CARTIER Tank Anglaise
We have to admit – it was a challenge to recommend something from Cartier simply because there are so many to choose from. From the recently revitalised Panthere and Cartier de Santos, to all-time favourites like the Pasha, there really is something for everyone. In the end, we are going with the Tank Anglaise, an evergreen model offering presence and versatility. Not only is the watch’s tank-inspired profile instantly recognisable, its effortless sophistication allows flexibility for one to wear it for both work and play. However, be sure to opt for the ‘Large’ models, as they are the only ones that run on mechanical movements.
CORUM Golden Bridge
Without doubt one of the most evidently iconic mechanical engines in modern watchmaking, Corum’s famous baguette-shaped Golden Bridge movement is one to own if you wish to attain connoisseur-level status. Introduced in the 1980s, the Golden Bridge collection has always accommodated women, most notably with the Miss Golden Bridge line that flaunts a slimmer profile. Recently, Corum added the Golden Bridge Round 39 to the repertoire. A high jewellery piece for the truly crazy rich, the watch features the Golden Bridge movement within a ‘lacework microstructure’ of gold and comes paved with precious stones on the dial and case.
FRANCK MULLER Crazy Hours
Franck Muller has made many top-notch mechanical watches over the years from record-breaking tourbillons to world-first pairing of different complications. The Crazy Hours, however, stands as the brand’s most whimsical creation. Launched in 2003, the watch features a dial with jumbled hour markers, and an hour hand that snaps from point to point in a seemingly haphazard manner (instead of the usual clockwise rotation). The magic lies in its automatic movement with a jumping hours module on top.
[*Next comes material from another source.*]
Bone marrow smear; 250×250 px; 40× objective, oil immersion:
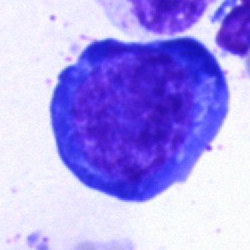
Cell — normoblast.

Playful and abstract all at once, there really isn’t another watch quite like the Crazy Hours. Perfect for those with a thing for the unusual.
OMEGA Speedmaster 38MM
When the Speedmaster 38MM debuted in 2017, we welcomed it like a long-lost soulmate that we knew existed but had never met. The legendary collection, best known as the ‘Moon Watch’ after being the first watch to be worn on the moon in 1969, had always been an iconic sports watch for men. But its indelible style and athletic appeal is universally appreciated, to say the least, and the Speedmaster 38MM, which is driven by the automatic Calibre 3330 with 52-hour power reserve, makes the point while endowing the collection with a touch femininity. The 38mm case size is an obvious highlight, while the oval chronograph sub-dials help distinguish this range from the larger men’s models, as do the sprinkling of gemstones.
PATEK PHILIPPE Twenty~4 Automatic
Long considered the ‘gateway’ Patek Philippe watch for women, the Twenty~4 was reintroduced late-2018 with an automatic movement. Why is this such a big deal? Well, in the collection’s 20-plus-year history, the only Twenty~4 with a mechanical movement was an haute joaillerie version from 2003. New mechanical heart aside (the movement of choice is Patek Philippe’s dependable Calibre 324 S C, featuring patented Gyromax balance and Spiromax hairspring in Silinvar), the other big difference in the new Twenty~4 Automatic. Here, the watch comes in a round case instead of the original’s rectangular cuff, which makes sense if it’s going to be the Swiss marque’s first ‘everyday’ watch for ladies.